What this task involves :: Whenever "unusually" appears in a line of the entries below, that line counts; give the total only.

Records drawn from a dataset
--

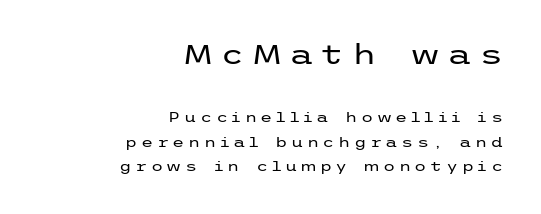
Q: Is the text bold? A: No.
Q: Is the text italic (slanted)? A: No, it is upright.
Q: Is the typeface a serif or a sans-serif typeface? A: Sans-serif.
Q: Is the text underlined? A: No.
Q: How is the paragraph aligned? A: Right-aligned.
Q: Is the spacing between letters normal or unusually wide? A: Unusually wide.
Q: Which block of text is set in a larger size, the first (top) or the second (bottom)? A: The first (top) one.
Q: Width (condensed, normal, or wide)? A: Wide.
Q: Stroke contrast? A: Low.
Q: x-height? A: Medium.
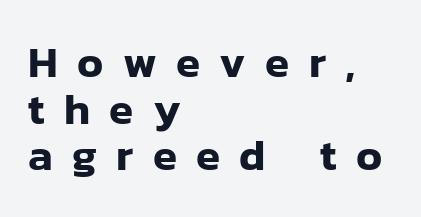
These lines stack with their left ends in a neat column. The passage shown is typed in a proportional face where columns would drift. Letters rest on an invisible, unmarked baseline. Tracking value appears strongly positive — letters spread wide.
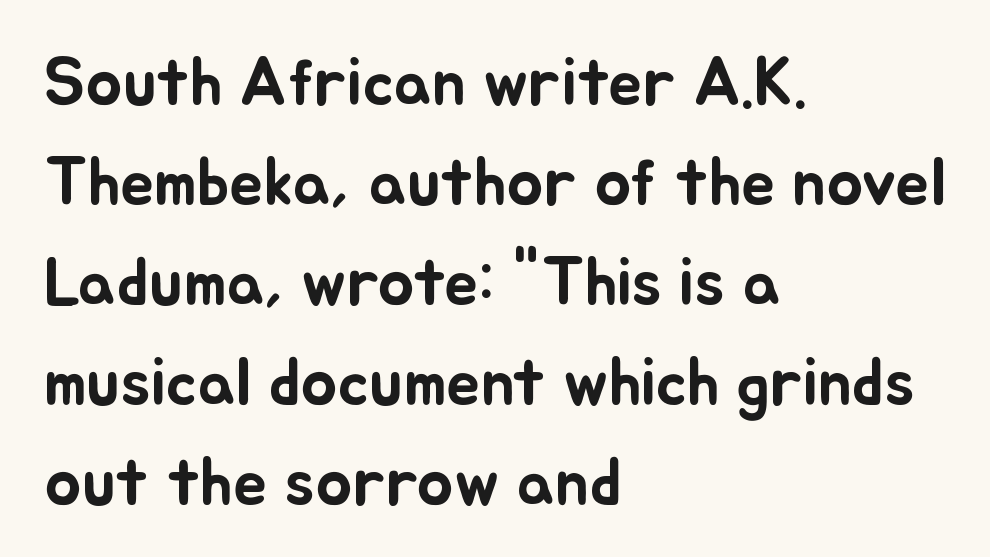
Q: Is the text italic (slanted)? A: No, it is upright.
Q: Is the text underlined? A: No.
Q: How is the paragraph aligned? A: Left-aligned.
Q: Is the spacing between letters normal or unusually wide? A: Normal.
Q: Is the spacing between lines tight, normal or loose? A: Normal.
Q: Width (condensed, normal, or wide)? A: Normal.
Q: Stroke contrast? A: Low.
Q: x-height? A: Small.
Q: Monospaced? A: No.
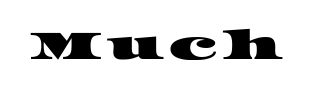
Q: Is the typeface a serif or a sans-serif typeface? A: Serif.
Q: Is the text underlined? A: No.
Q: Width (condensed, normal, or wide)? A: Wide.
Q: Stroke contrast? A: High.
Q: x-height? A: Large.
Q: Monospaced? A: No.

--

Written response :: 2